The cross product of two vectors 
$$\Large \langle x_{i},x_{i^{\prime}}\rangle=\sum_{j=1}^{p}x_{i j}x_{i^{\prime}j}$$

This is used to create the linear vector classifier, where $n$ is the number of parameters $\alpha_i$(one per training observation), to estimate the the parameter $\hat{\alpha}$ we need all the pairwise innerproducts between all the $n$ points in the dataset: 

$$\Large f(x)=\beta_{0}+\sum_{i=1}^{n}\alpha_{i}\langle x,x_{i}\rangle$$

Most of these alphas are zero however the ones that are not are the set $S$ which is called the support set. 
The inner products are often calculated by using **Kernels** which are special functions. They calculate the inner product of $p$-pairs of points needed for $d$-dimensional polynomials.:
$$\Large K(x_{i},x_{i^{\prime}})=(1+\sum_{j=1}^{p}x_{i j}x_{i^{\prime}j})^{d}$$

These kernels calculate the basis functions ($1, x, x^2, x^3, ...$) which make up the polynomial. These polynomials are used to classify the data in n-dimensional space. There are many types kernels e.g. linear, nonlinear, polynomial, radial basis function (RBF), and sigmoid. The kernels have the propensity to squash dimensions to zero i.e. remove as we only pick terms $\alpha_i$ that are non-zero. 

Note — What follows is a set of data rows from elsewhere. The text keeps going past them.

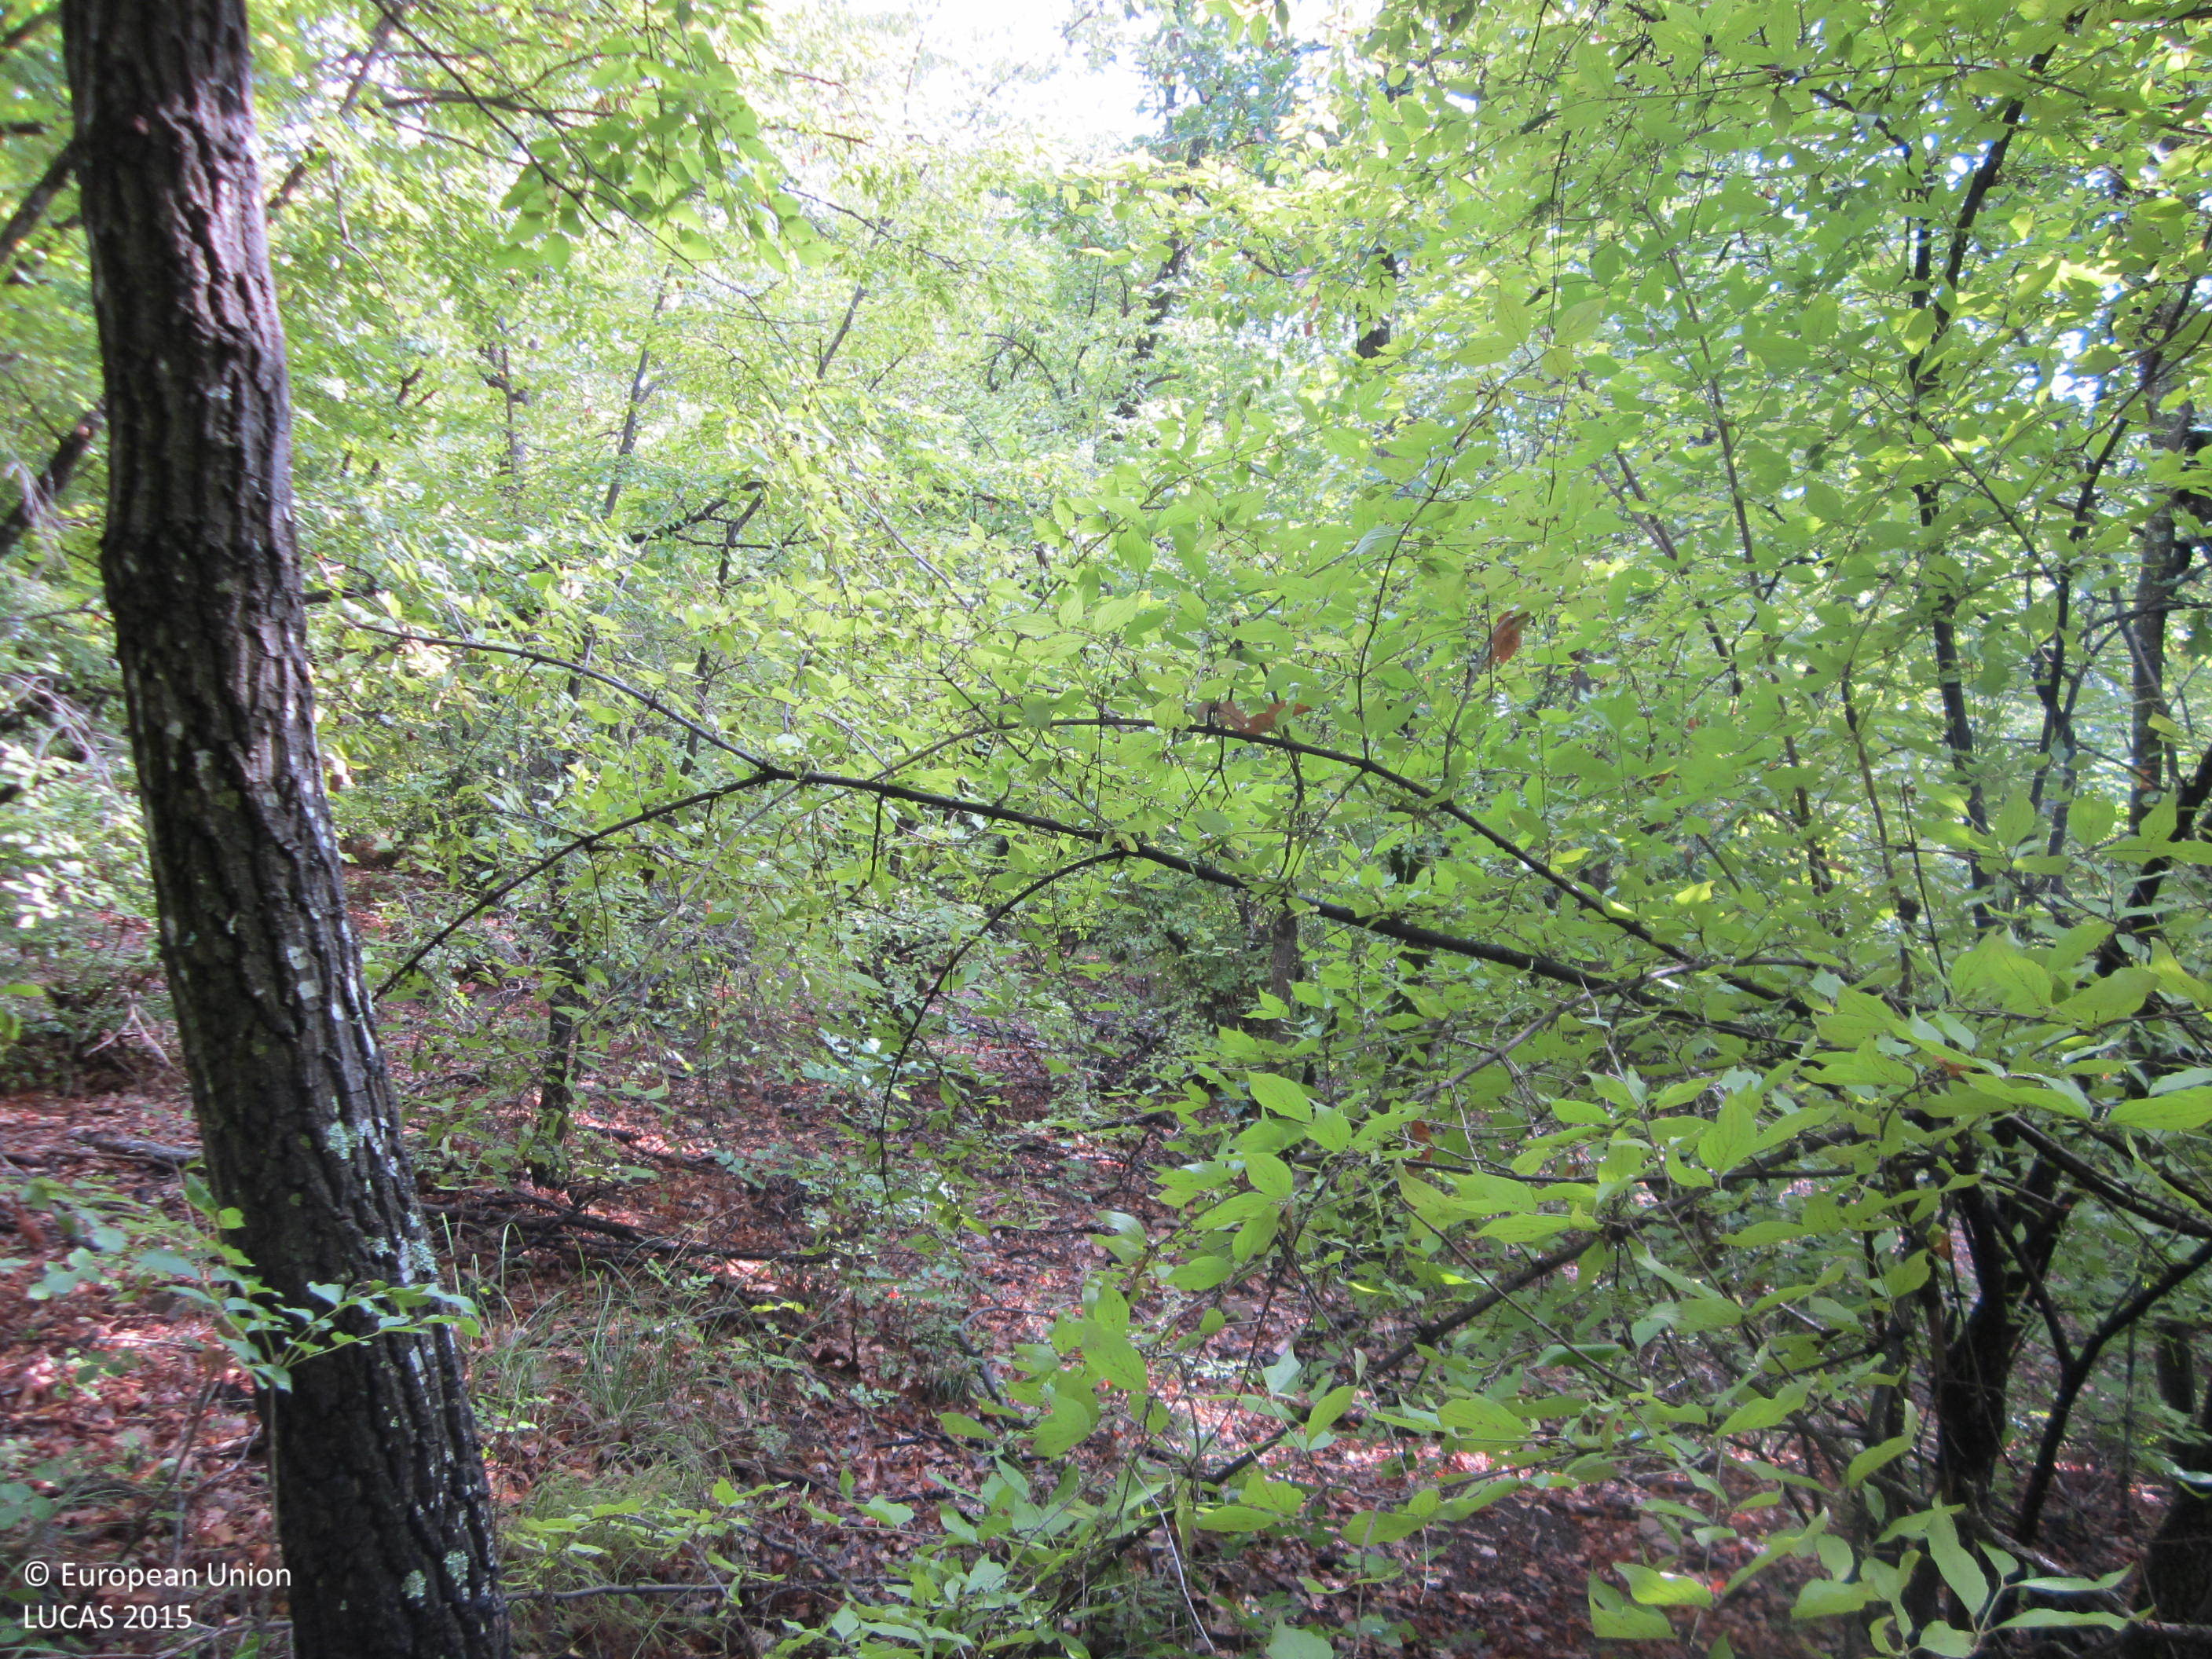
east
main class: Woodland
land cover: Broadleaved woodland
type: acidophilous oak and oak-birch forest
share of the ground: 50 - 75 %
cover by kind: broadleaved forest trees 70 %, unconsolidated bare surface 15 %, herbaceous plants 10 %, shrubs 5 %
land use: Forestry
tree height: > 5 m
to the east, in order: Broadleaved woodland; Tracks; Broadleaved woodland
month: October
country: BG
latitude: 42.7636
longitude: 26.7077

$$\Large f(x)=\beta_{0}+\sum_{i\in{\cal S}}\alpha_{i}{\cal K}(x,x_{i})$$

![image.png](attachment:6a52311a-f62a-41ea-938b-b145f408836d.png)

**More than 2 classes**

* OVA: one-versus all, use a fit a kernel for one class against all other classes, so K functions. Classify the observation to the class for which $\hat{f}_k(x^*)$ is the largest i.e. distance from the margin is largest.
* OVO: one versus-one,  pairwise kernels, leads to $\large K\choose{2}$ (this denotes the all the pairwise possibilities).


When to use SVM or Logistic Regression: 
* SVM is better when classes are nearly seperable
* LR(using ridge or lasso) is better when they are not seperable.
* probabilities are only available with logistic regression.